Page 18 - Bonhams Asian Art London November 5, 2020
P. 18

THE PROPERTY OF A GENTLEMAN 紳士藏品
           6
           A VERY RARE GREY LIMESTONE HEAD OF BUDDHA
           SHAKYAMUNI
           Tang Dynasty, Longmen Caves, 7th century AD
           The smoothly carved face with meditative expression, the heavily
           lidded eyes down-cast beneath elegantly arched brows, the straight
           nose above gently curving lips, the hair carved as wavy curls, all
           between long pendulous ears, the stone of dark-grey tone, wood
           plinth stand.
           38cm (15in) high. (2).

           £80,000 - 120,000
           CNY700,000 - 1,100,000

           唐,七世紀 龍門石雕釋迦牟尼佛首像

           Provenance: a French private collection
           Christie’s Paris, 7 June 2011, lot 346
           A UK private collection

           來源:法國私人收藏
           巴黎佳士得,2011年6月7日,拍品編號346
           英國私人收藏

           This large and strongly carved head bears features from the transitional
           phase of development at the grottoes of Longmen, as the site
           activity resumed after a long hiatus following the fall of the Northern
           Wei dynasty. Official sponsorship and further expansion began with
           renewed energy at the end of the Northern Qi to the early Tang period,
           and indeed, the present head shows stylistic traces inherited from the
           early Tang sculptural experimentation. The shallow carving of the eyes,
           whose lids emerge in low-relief bowed lines from small rounded inner
           canthi, are similar to the large heads from that site.

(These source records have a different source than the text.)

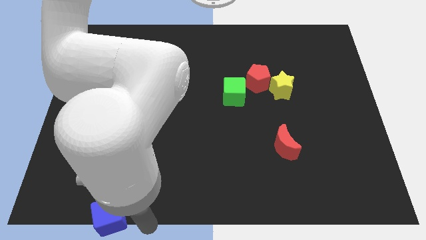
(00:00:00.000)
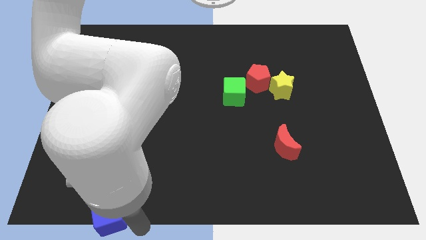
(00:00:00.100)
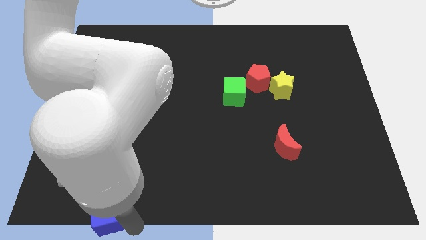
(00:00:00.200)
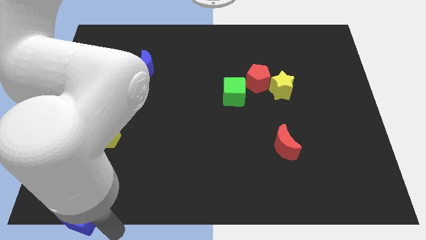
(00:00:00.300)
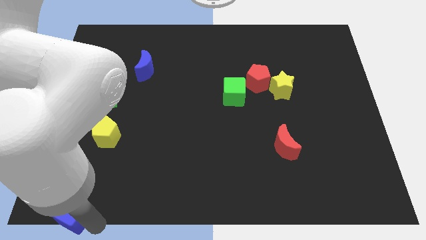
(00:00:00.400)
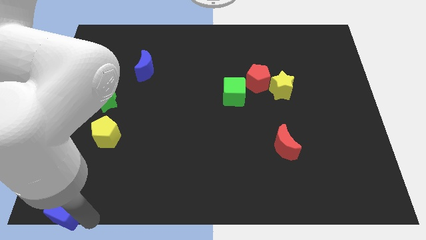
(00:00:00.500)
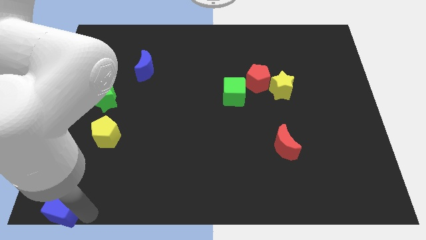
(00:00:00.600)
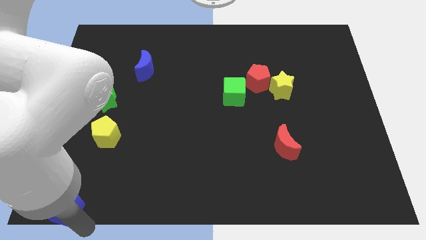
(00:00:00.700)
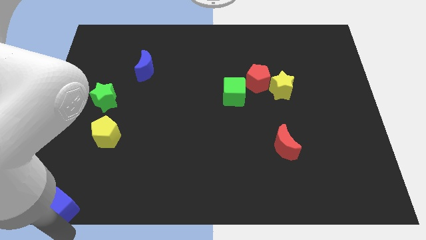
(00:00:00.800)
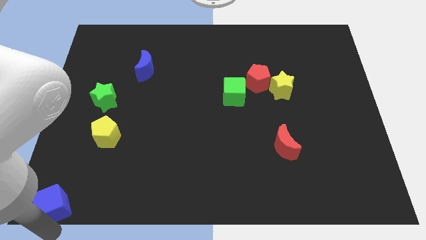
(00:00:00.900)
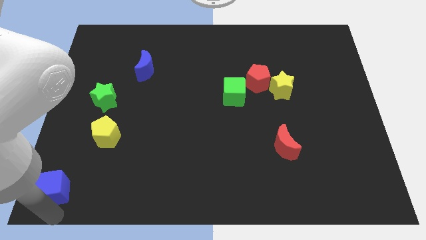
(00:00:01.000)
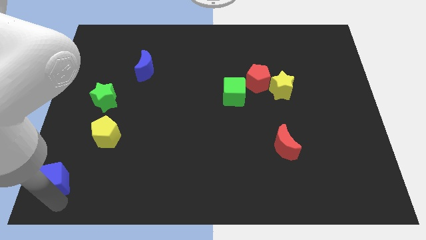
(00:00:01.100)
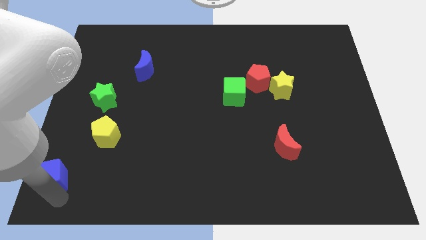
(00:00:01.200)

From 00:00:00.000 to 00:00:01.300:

           The Southern Binyang Cave (Cave 159), begun in the Daye reign of the
           Sui dynasty, was expanded during the reigns of Taizong and Gaozong
           during the Tang dynasty, and completed by AD 641. The monumental
           chief pentad of Amitabha flanked by Ananda, Kasyapa and two
           bodhisattvas in the Southern Binyang Cave all have large open eyelids
           within squared faces with thicker flatter lips. See Complete Works of
           Statues in Longmen Grottoes, vol.1: Binyang Cave, Beijing, 2002, fig.273.
           As such, the present head seems to be related in proportion to the heads
           of the Buddhas within the larger niches of the flanking walls. Compare
           fig.288, the large right bodhisattva on the back wall, fig.317, the central
           Buddha in niche 13, the largest niche on the left wall, and fig.467, the
           central Buddha in niche 51, the largest niche on the right wall.

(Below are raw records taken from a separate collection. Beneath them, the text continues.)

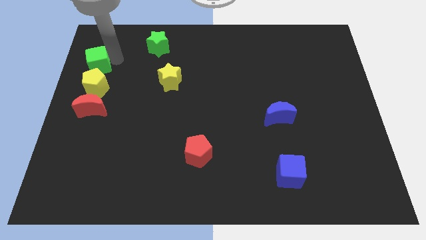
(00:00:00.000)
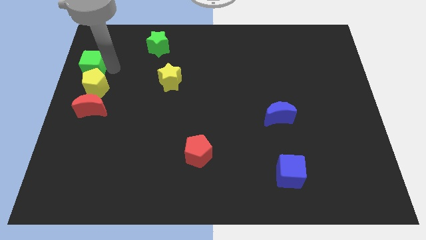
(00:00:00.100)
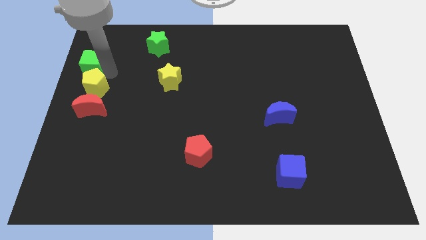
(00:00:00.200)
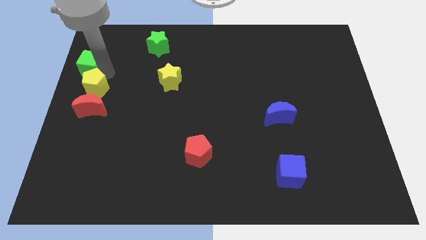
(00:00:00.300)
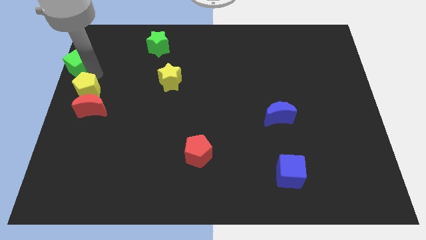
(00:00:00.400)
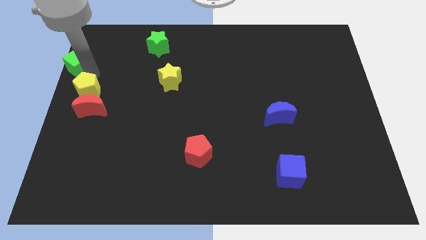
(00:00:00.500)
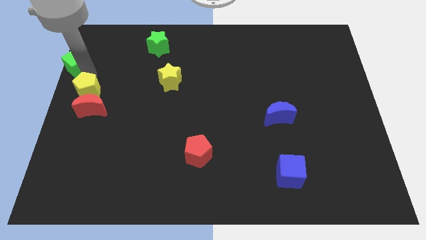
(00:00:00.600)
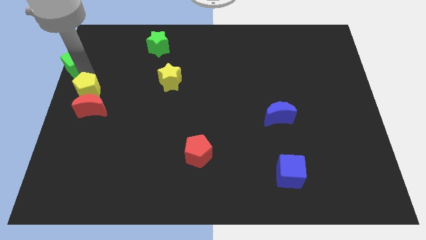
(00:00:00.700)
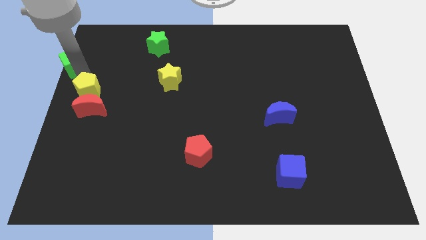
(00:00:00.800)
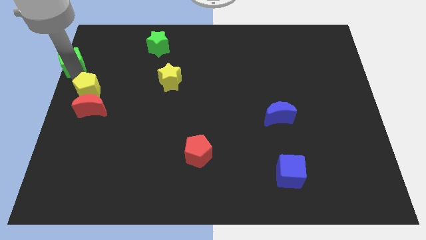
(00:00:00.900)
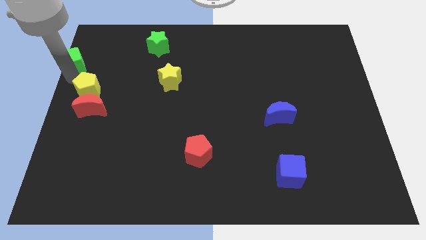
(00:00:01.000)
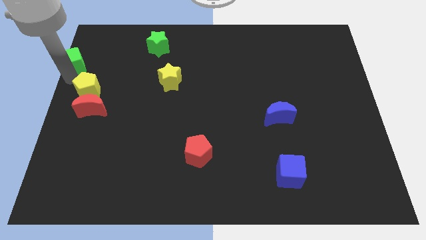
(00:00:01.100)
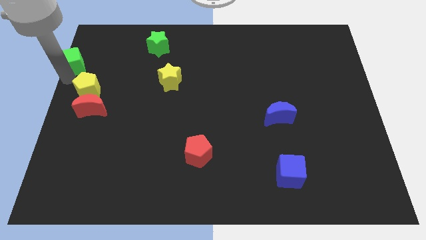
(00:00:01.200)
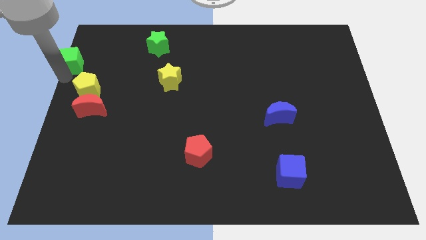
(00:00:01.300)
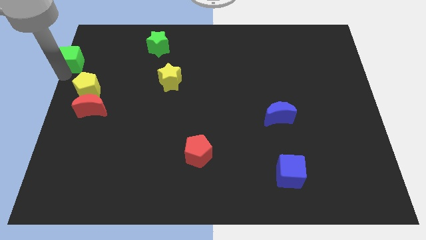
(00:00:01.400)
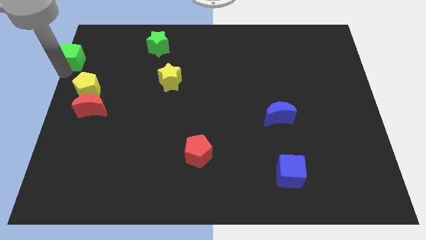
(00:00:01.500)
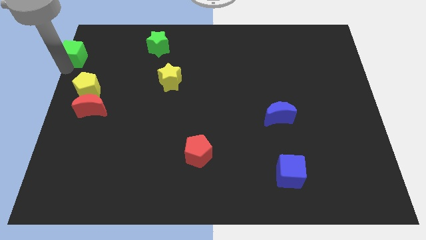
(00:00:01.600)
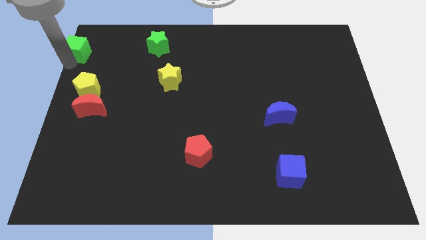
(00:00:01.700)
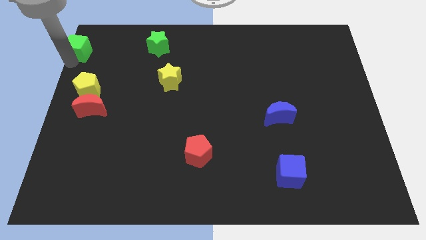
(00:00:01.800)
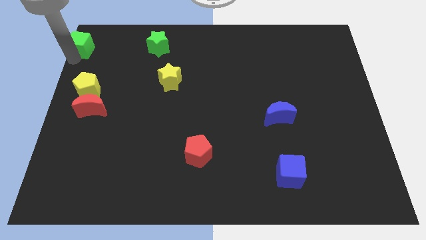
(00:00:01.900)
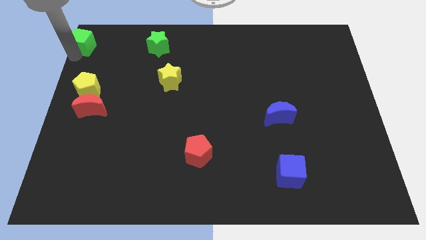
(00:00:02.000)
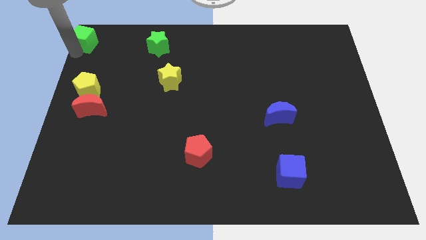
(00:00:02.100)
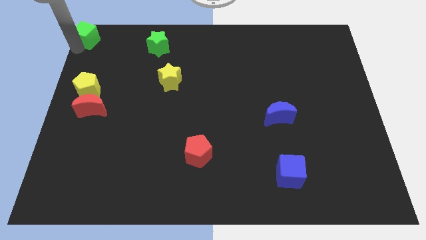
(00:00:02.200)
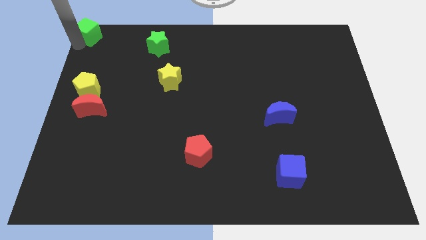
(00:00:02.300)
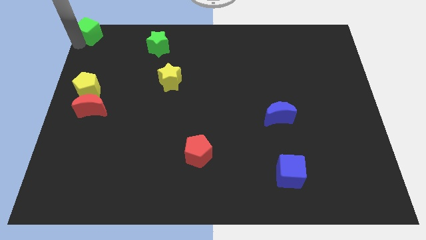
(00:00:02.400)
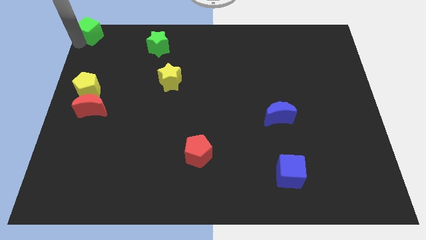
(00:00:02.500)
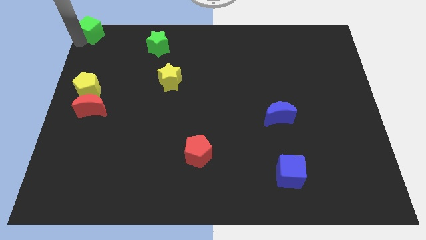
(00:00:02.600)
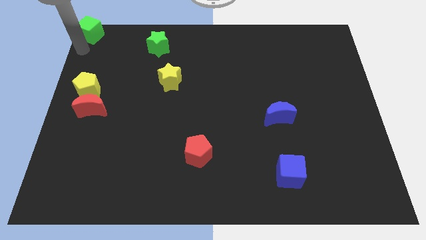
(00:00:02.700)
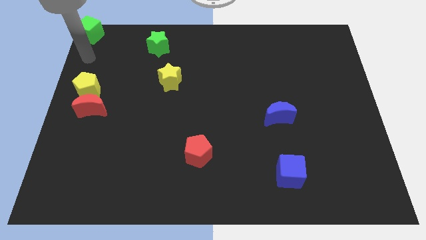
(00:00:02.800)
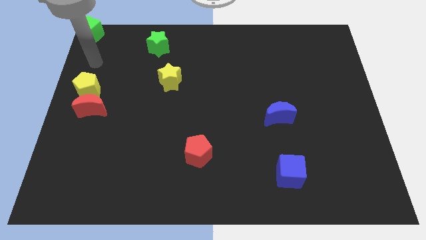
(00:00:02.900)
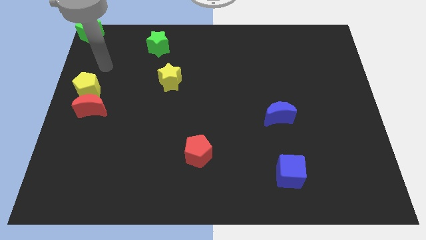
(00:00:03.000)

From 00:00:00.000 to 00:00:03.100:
place green cube on top left corner of board

           Two Longmen heads with triple-spiralled hair in the collection of the
           Victoria & Albert Museum, London, are also related to the present
           head. See Longmen Liusang Diaoxiang Ji, ‘The Lost Statues at
           Longmen Caves’, Shanghai, 1993, figs.47 and 63, and Hai-Wai Yi-
           Chen, Chinese Art in Overseas Collections, Buddhist Sculpture II.,
           Taipei, 1990, figs.59 and 114.